Part of heating Britain sustainably is going to be picking apart the idea of central heating. Not completely – nobody wants to go back to hearths and three-bar fires. But there are measures that that introduce more sophistication into the ‘one thermostat to rule them all’ default of older central heating systems. Thermostatic radiator controls allow users to turn individual radiators down or off. If you fit these, you can turn off the heating in a spare room and shut the door, for example.

That’s useful, but the way we use a house changes throughout the day, and most of us won’t be running around turning radiators on and off. That’s where smart heating controls can make a difference, creating heating zones that can be customised according to the time of day. We might warm the downstairs more during the day, and the upstairs more at night. For those with larger homes and rooms that aren’t used as much, that could make a big difference.

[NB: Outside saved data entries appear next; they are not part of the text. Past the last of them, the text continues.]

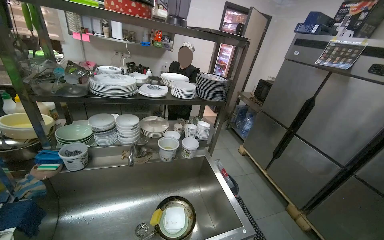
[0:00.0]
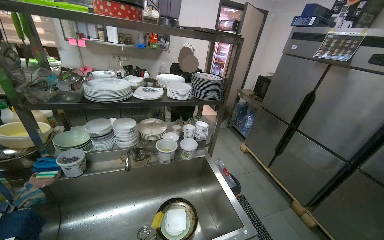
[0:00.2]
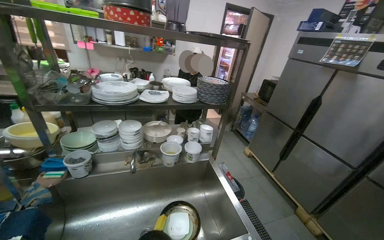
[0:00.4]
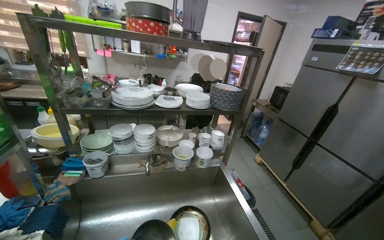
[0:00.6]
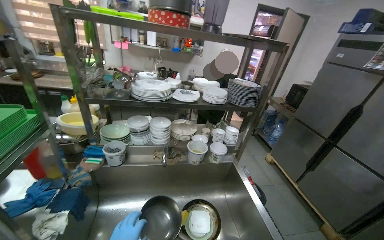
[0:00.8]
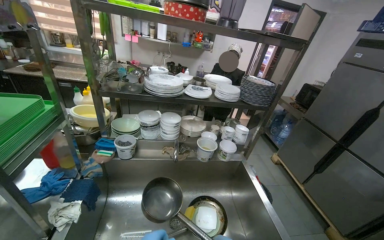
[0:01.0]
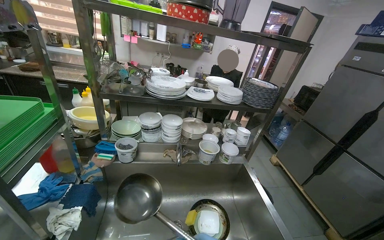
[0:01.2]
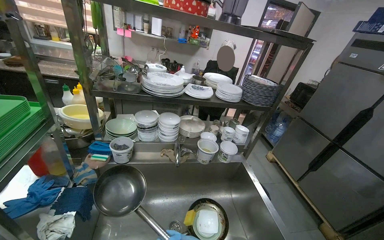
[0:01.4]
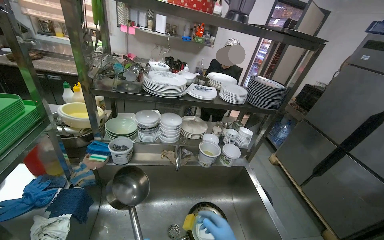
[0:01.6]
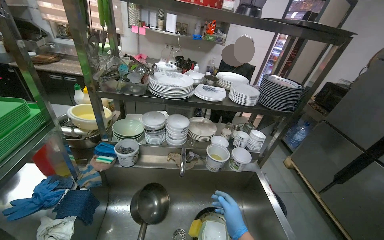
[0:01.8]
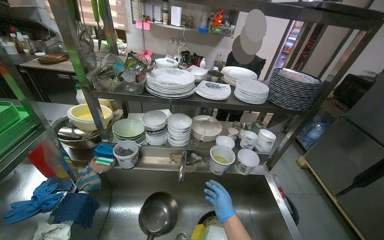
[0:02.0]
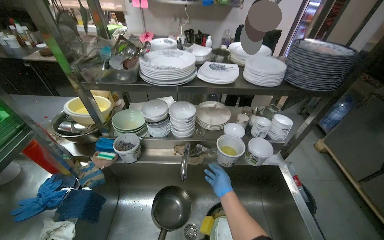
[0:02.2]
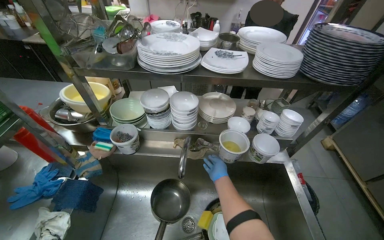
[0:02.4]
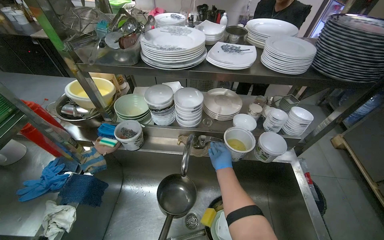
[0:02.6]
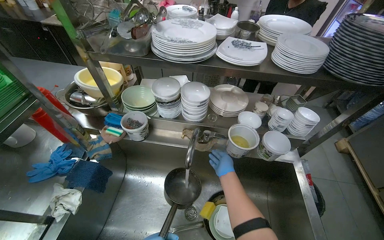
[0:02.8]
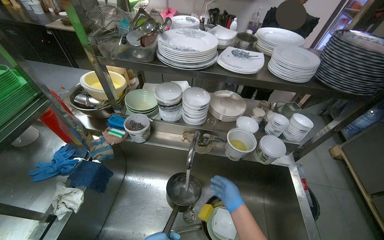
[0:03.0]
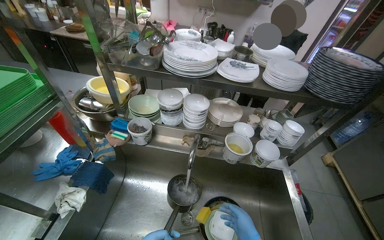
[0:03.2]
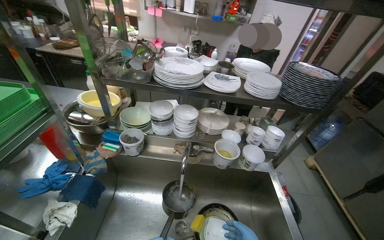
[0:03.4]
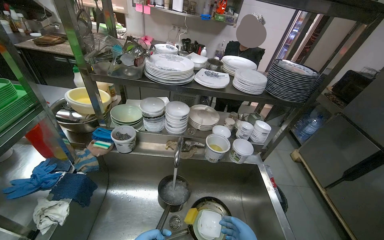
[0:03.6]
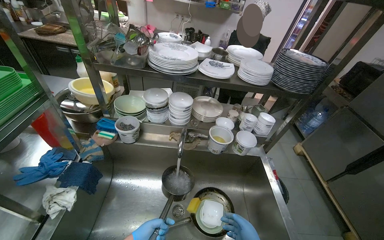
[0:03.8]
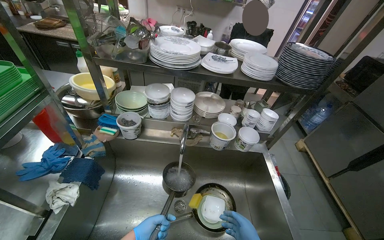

What are we doing ourselves? This year I’m trying to nudge our 1920s terraced house towards an A rating for efficiency, and over the last couple of months I’ve been thinking about heating. I’m creating a heating zone in the front room where we tend to be in the evening. I’ve just had it carpeted, somewhat reluctantly as I loved the wooden floor, to help keep prevent heat loss. I’ve re-hung some sliding doors to partition the front from the rest of the open-plan downstairs, and added thermal curtain linings.

I will at some point get smart heating controls, and there’s a bay window that would be much better with triple glazing. But that’s getting expensive, and I have to pay for external cladding first. There’s more wall than window, and it’s single brick. We’ll come to that later in the year.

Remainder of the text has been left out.